#### [Task]
The lines to return run from the start of the material below through the line holding "ఏ నాగరక రాష్ట్రమునందును", both included; please give them back exactly, minus the pictures.

#### [Task input]
***

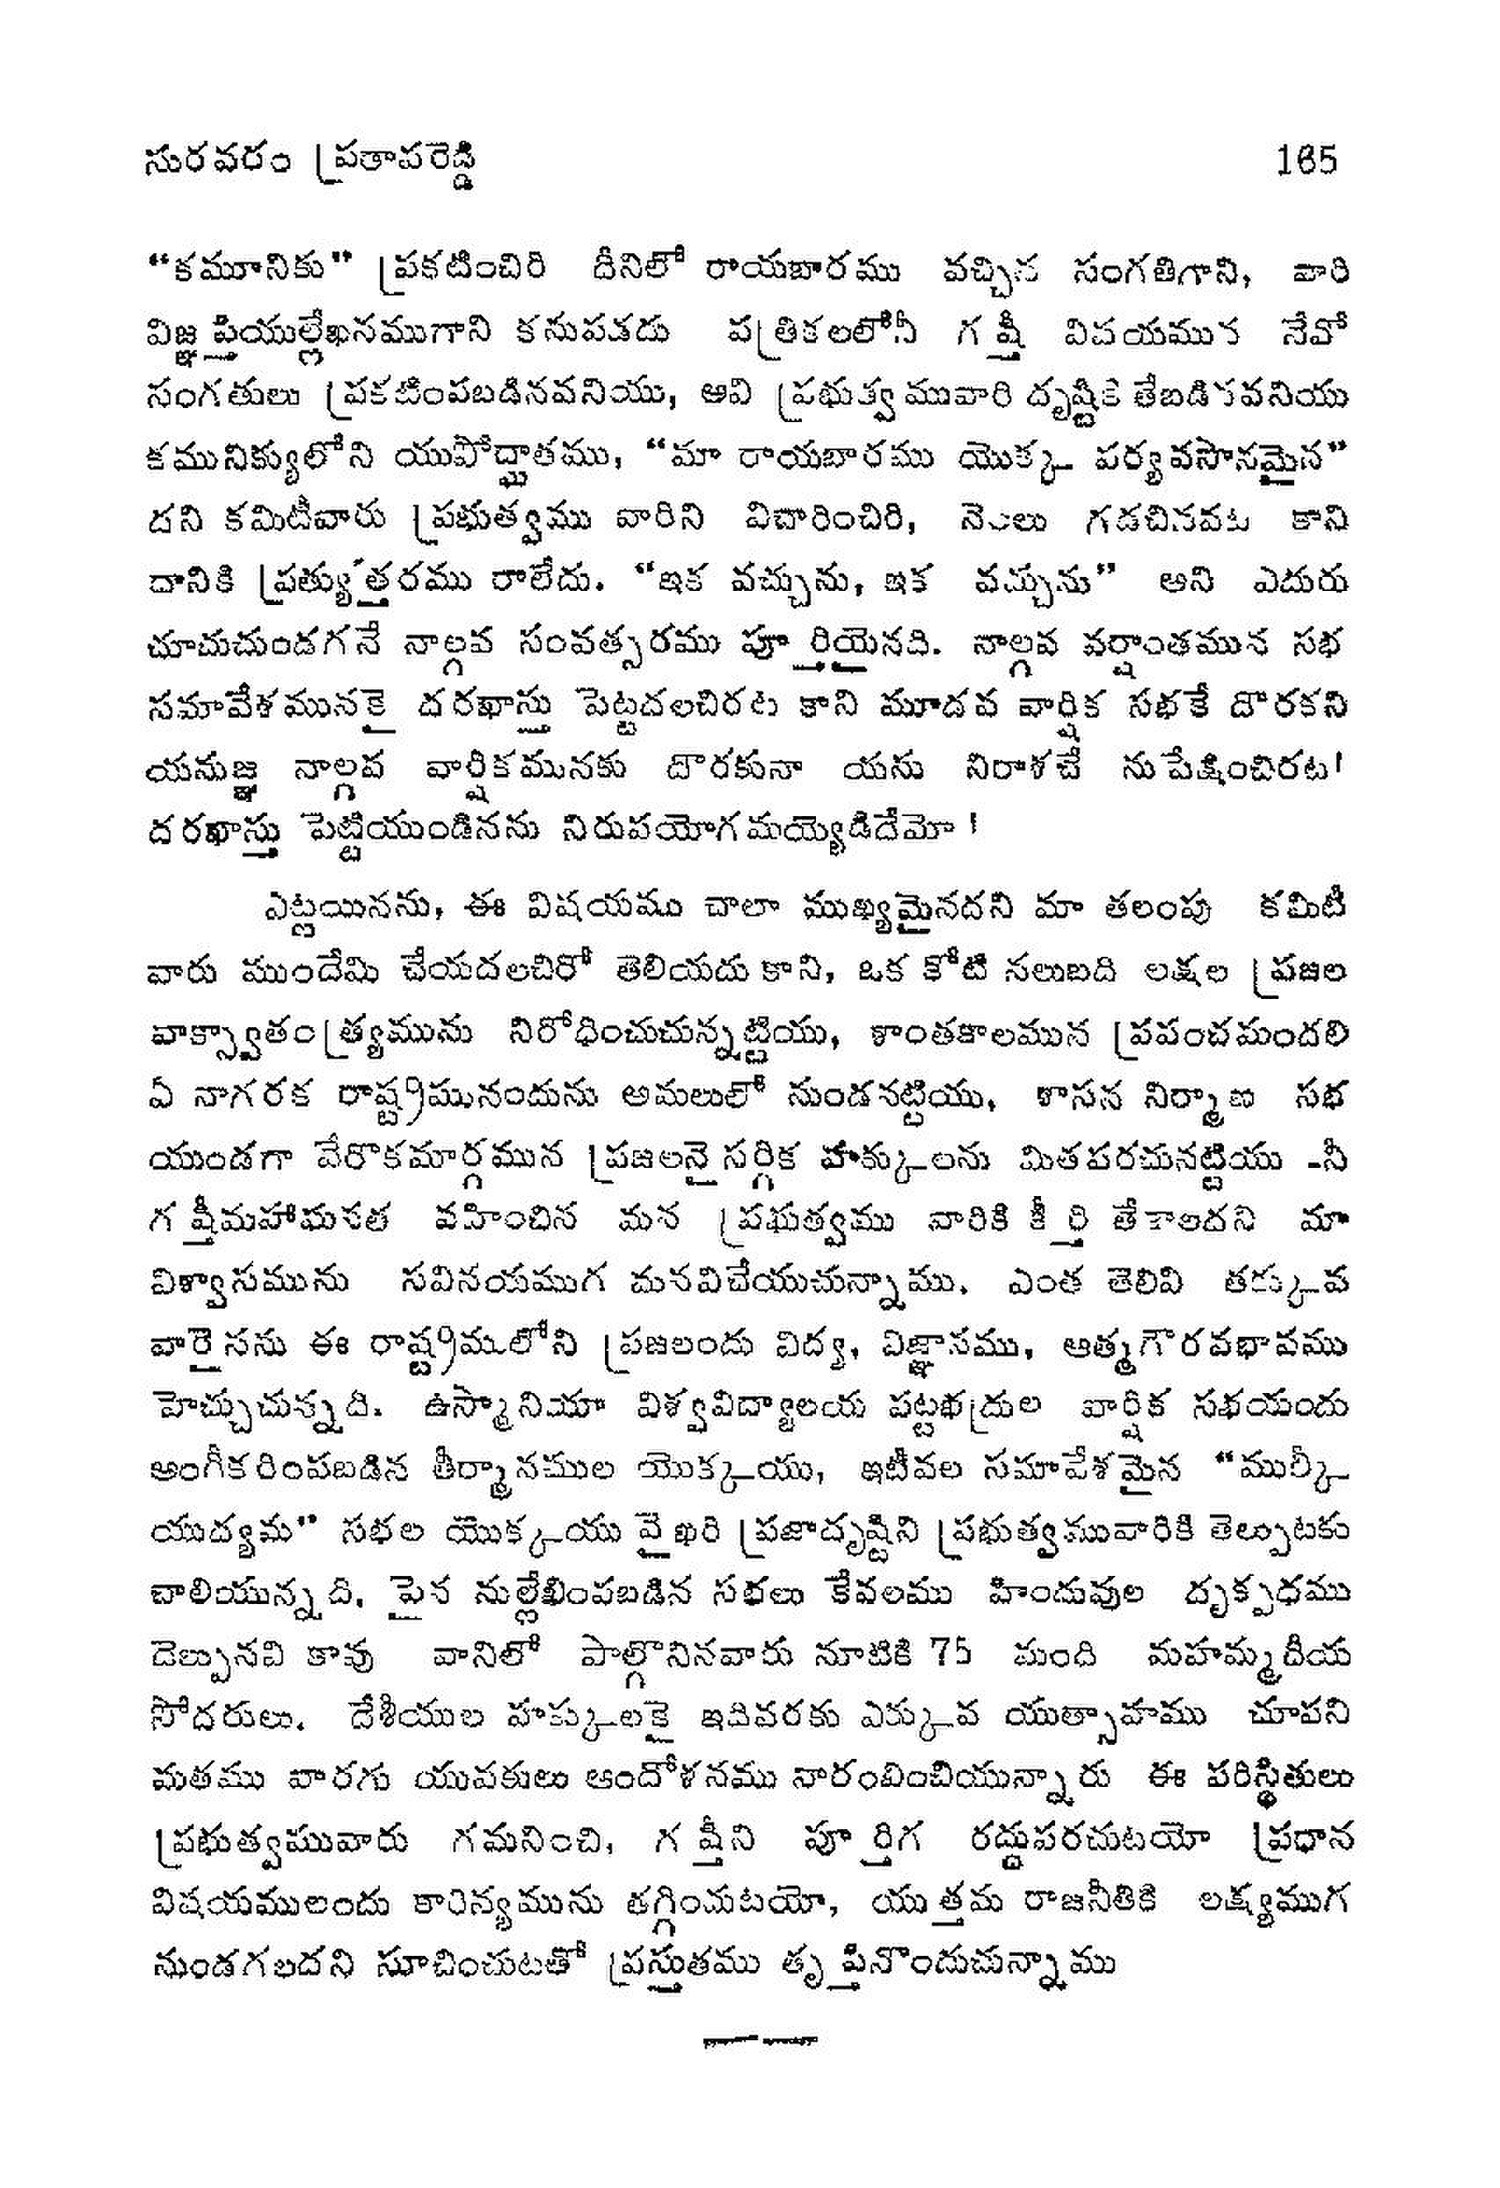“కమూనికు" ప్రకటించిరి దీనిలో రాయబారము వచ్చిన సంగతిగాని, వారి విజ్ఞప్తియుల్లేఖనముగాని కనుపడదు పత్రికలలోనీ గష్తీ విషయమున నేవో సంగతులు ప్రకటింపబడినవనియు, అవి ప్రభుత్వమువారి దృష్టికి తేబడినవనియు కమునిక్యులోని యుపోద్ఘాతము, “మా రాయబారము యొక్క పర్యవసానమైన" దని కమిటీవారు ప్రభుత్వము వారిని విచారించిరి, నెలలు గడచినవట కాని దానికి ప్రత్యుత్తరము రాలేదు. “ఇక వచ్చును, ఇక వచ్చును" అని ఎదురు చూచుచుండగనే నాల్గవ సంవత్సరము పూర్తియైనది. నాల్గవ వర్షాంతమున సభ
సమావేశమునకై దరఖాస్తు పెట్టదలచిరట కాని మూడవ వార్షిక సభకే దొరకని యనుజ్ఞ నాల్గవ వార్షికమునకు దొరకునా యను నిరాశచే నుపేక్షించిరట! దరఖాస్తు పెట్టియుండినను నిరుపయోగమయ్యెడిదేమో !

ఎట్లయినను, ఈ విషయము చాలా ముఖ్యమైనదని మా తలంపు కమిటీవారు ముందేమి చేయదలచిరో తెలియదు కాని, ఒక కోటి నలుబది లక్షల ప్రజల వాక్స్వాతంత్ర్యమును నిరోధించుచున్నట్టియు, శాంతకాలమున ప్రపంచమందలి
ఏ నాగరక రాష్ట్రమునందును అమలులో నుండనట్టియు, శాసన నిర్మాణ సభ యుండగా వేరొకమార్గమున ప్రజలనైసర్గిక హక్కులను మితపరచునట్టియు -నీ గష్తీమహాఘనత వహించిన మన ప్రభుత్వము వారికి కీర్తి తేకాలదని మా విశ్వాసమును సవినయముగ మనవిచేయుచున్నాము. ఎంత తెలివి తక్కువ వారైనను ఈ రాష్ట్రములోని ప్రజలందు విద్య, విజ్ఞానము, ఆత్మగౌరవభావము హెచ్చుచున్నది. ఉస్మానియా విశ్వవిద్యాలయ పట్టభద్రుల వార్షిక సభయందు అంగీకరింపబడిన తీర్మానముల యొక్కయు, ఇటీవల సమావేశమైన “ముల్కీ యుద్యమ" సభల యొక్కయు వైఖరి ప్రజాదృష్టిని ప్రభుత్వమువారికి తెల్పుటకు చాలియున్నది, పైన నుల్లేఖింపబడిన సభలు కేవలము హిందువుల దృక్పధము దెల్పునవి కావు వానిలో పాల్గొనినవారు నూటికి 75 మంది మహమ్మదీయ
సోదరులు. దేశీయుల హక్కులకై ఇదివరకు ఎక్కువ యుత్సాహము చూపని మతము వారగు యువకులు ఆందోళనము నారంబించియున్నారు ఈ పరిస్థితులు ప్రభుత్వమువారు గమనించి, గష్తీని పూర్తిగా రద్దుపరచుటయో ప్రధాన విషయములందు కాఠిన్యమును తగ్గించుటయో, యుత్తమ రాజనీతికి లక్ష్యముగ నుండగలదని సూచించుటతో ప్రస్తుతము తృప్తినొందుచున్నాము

***

#### [Reply to the exercise]
“కమూనికు" ప్రకటించిరి దీనిలో రాయబారము వచ్చిన సంగతిగాని, వారి విజ్ఞప్తియుల్లేఖనముగాని కనుపడదు పత్రికలలోనీ గష్తీ విషయమున నేవో సంగతులు ప్రకటింపబడినవనియు, అవి ప్రభుత్వమువారి దృష్టికి తేబడినవనియు కమునిక్యులోని యుపోద్ఘాతము, “మా రాయబారము యొక్క పర్యవసానమైన" దని కమిటీవారు ప్రభుత్వము వారిని విచారించిరి, నెలలు గడచినవట కాని దానికి ప్రత్యుత్తరము రాలేదు. “ఇక వచ్చును, ఇక వచ్చును" అని ఎదురు చూచుచుండగనే నాల్గవ సంవత్సరము పూర్తియైనది. నాల్గవ వర్షాంతమున సభ
సమావేశమునకై దరఖాస్తు పెట్టదలచిరట కాని మూడవ వార్షిక సభకే దొరకని యనుజ్ఞ నాల్గవ వార్షికమునకు దొరకునా యను నిరాశచే నుపేక్షించిరట! దరఖాస్తు పెట్టియుండినను నిరుపయోగమయ్యెడిదేమో !

ఎట్లయినను, ఈ విషయము చాలా ముఖ్యమైనదని మా తలంపు కమిటీవారు ముందేమి చేయదలచిరో తెలియదు కాని, ఒక కోటి నలుబది లక్షల ప్రజల వాక్స్వాతంత్ర్యమును నిరోధించుచున్నట్టియు, శాంతకాలమున ప్రపంచమందలి
ఏ నాగరక రాష్ట్రమునందును అమలులో నుండనట్టియు, శాసన నిర్మాణ సభ యుండగా వేరొకమార్గమున ప్రజలనైసర్గిక హక్కులను మితపరచునట్టియు -నీ గష్తీమహాఘనత వహించిన మన ప్రభుత్వము వారికి కీర్తి తేకాలదని మా విశ్వాసమును సవినయముగ మనవిచేయుచున్నాము. ఎంత తెలివి తక్కువ వారైనను ఈ రాష్ట్రములోని ప్రజలందు విద్య, విజ్ఞానము, ఆత్మగౌరవభావము హెచ్చుచున్నది. ఉస్మానియా విశ్వవిద్యాలయ పట్టభద్రుల వార్షిక సభయందు అంగీకరింపబడిన తీర్మానముల యొక్కయు, ఇటీవల సమావేశమైన “ముల్కీ యుద్యమ" సభల యొక్కయు వైఖరి ప్రజాదృష్టిని ప్రభుత్వమువారికి తెల్పుటకు చాలియున్నది, పైన నుల్లేఖింపబడిన సభలు కేవలము హిందువుల దృక్పధము దెల్పునవి కావు వానిలో పాల్గొనినవారు నూటికి 75 మంది మహమ్మదీయ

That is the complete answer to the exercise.